§ **Required action**
Take the entries below and write them out exactly, with each picture removed.

§ **Excerpted data**
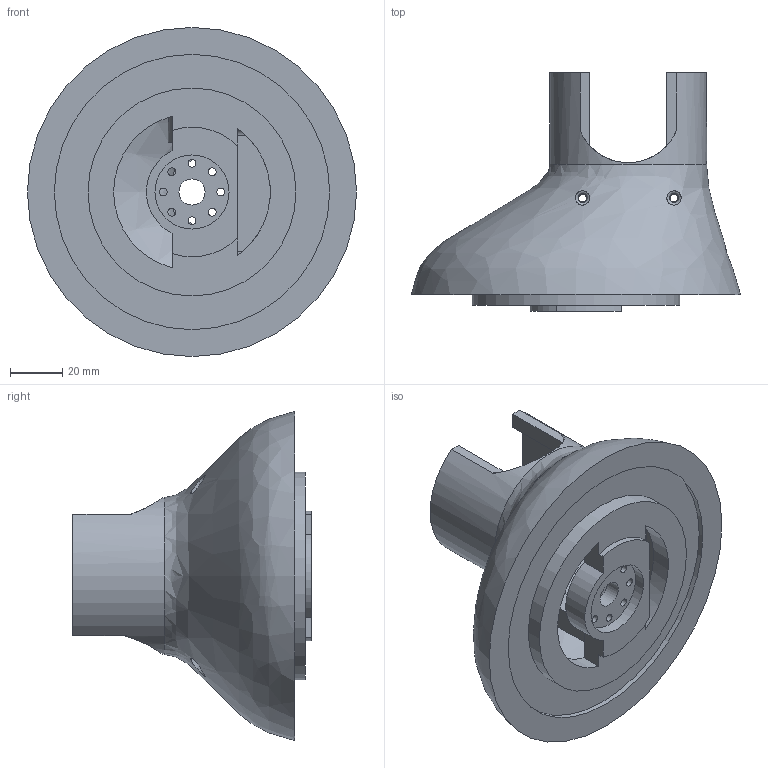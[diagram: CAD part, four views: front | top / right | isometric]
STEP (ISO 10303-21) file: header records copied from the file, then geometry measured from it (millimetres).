
FILE_DESCRIPTION(/* description */ (''),/* implementation_level */ '2;1');
FILE_NAME(/* name */ 'arm_1 (only rotate).stp',/* time_stamp */ '2025-09-19T21:33:54+09:00',/* author */ ('wlgns'),/* organization */ (''),/* preprocessor_version */ 'ST-DEVELOPER v20.1',/* originating_system */ 'Autodesk Inventor 2026',/* authorisation */ '');
FILE_SCHEMA (('AUTOMOTIVE_DESIGN { 1 0 10303 214 3 1 1 }'));
Length unit declared in the file: millimetre
Products named in the file (1): arm_1 (only rotate)
Bounding box: 126 x 91.3 x 126 mm (x, y, z)
Volume: 148197 mm3; surface area: 86706.4 mm2
Topology: 1 solids, 1 shells, 113 faces, 327 edges, 218 vertices
Faces by surface type: plane 63, cylinder 43, torus 4, bspline 3
Full cylindrical faces by diameter (mm): 3 x12, 5.5 x7, 10 x1, 28.4 x1, 60 x1, 79.6 x1, 105.4 x1
Entity records: 5131 total; most frequent: CARTESIAN_POINT 2043, ORIENTED_EDGE 656, DIRECTION 589, EDGE_CURVE 328, VERTEX_POINT 218, AXIS2_PLACEMENT_3D 199, LINE 191, VECTOR 191

§ **Response to this exercise**
[diagram: CAD part, four views: front | top / right | isometric]
STEP (ISO 10303-21) file: header records copied from the file, then geometry measured from it (millimetres).
FILE_DESCRIPTION(/* description */ (''),/* implementation_level */ '2;1');
FILE_NAME(/* name */ 'arm_1 (only rotate).stp',/* time_stamp */ '2025-09-19T21:33:54+09:00',/* author */ ('wlgns'),/* organization */ (''),/* preprocessor_version */ 'ST-DEVELOPER v20.1',/* originating_system */ 'Autodesk Inventor 2026',/* authorisation */ '');
FILE_SCHEMA (('AUTOMOTIVE_DESIGN { 1 0 10303 214 3 1 1 }'));
Length unit declared in the file: millimetre
Products named in the file (1): arm_1 (only rotate)
Bounding box: 126 x 91.3 x 126 mm (x, y, z)
Volume: 148197 mm3; surface area: 86706.4 mm2
Topology: 1 solids, 1 shells, 113 faces, 327 edges, 218 vertices
Faces by surface type: plane 63, cylinder 43, torus 4, bspline 3
Full cylindrical faces by diameter (mm): 3 x12, 5.5 x7, 10 x1, 28.4 x1, 60 x1, 79.6 x1, 105.4 x1
Entity records: 5131 total; most frequent: CARTESIAN_POINT 2043, ORIENTED_EDGE 656, DIRECTION 589, EDGE_CURVE 328, VERTEX_POINT 218, AXIS2_PLACEMENT_3D 199, LINE 191, VECTOR 191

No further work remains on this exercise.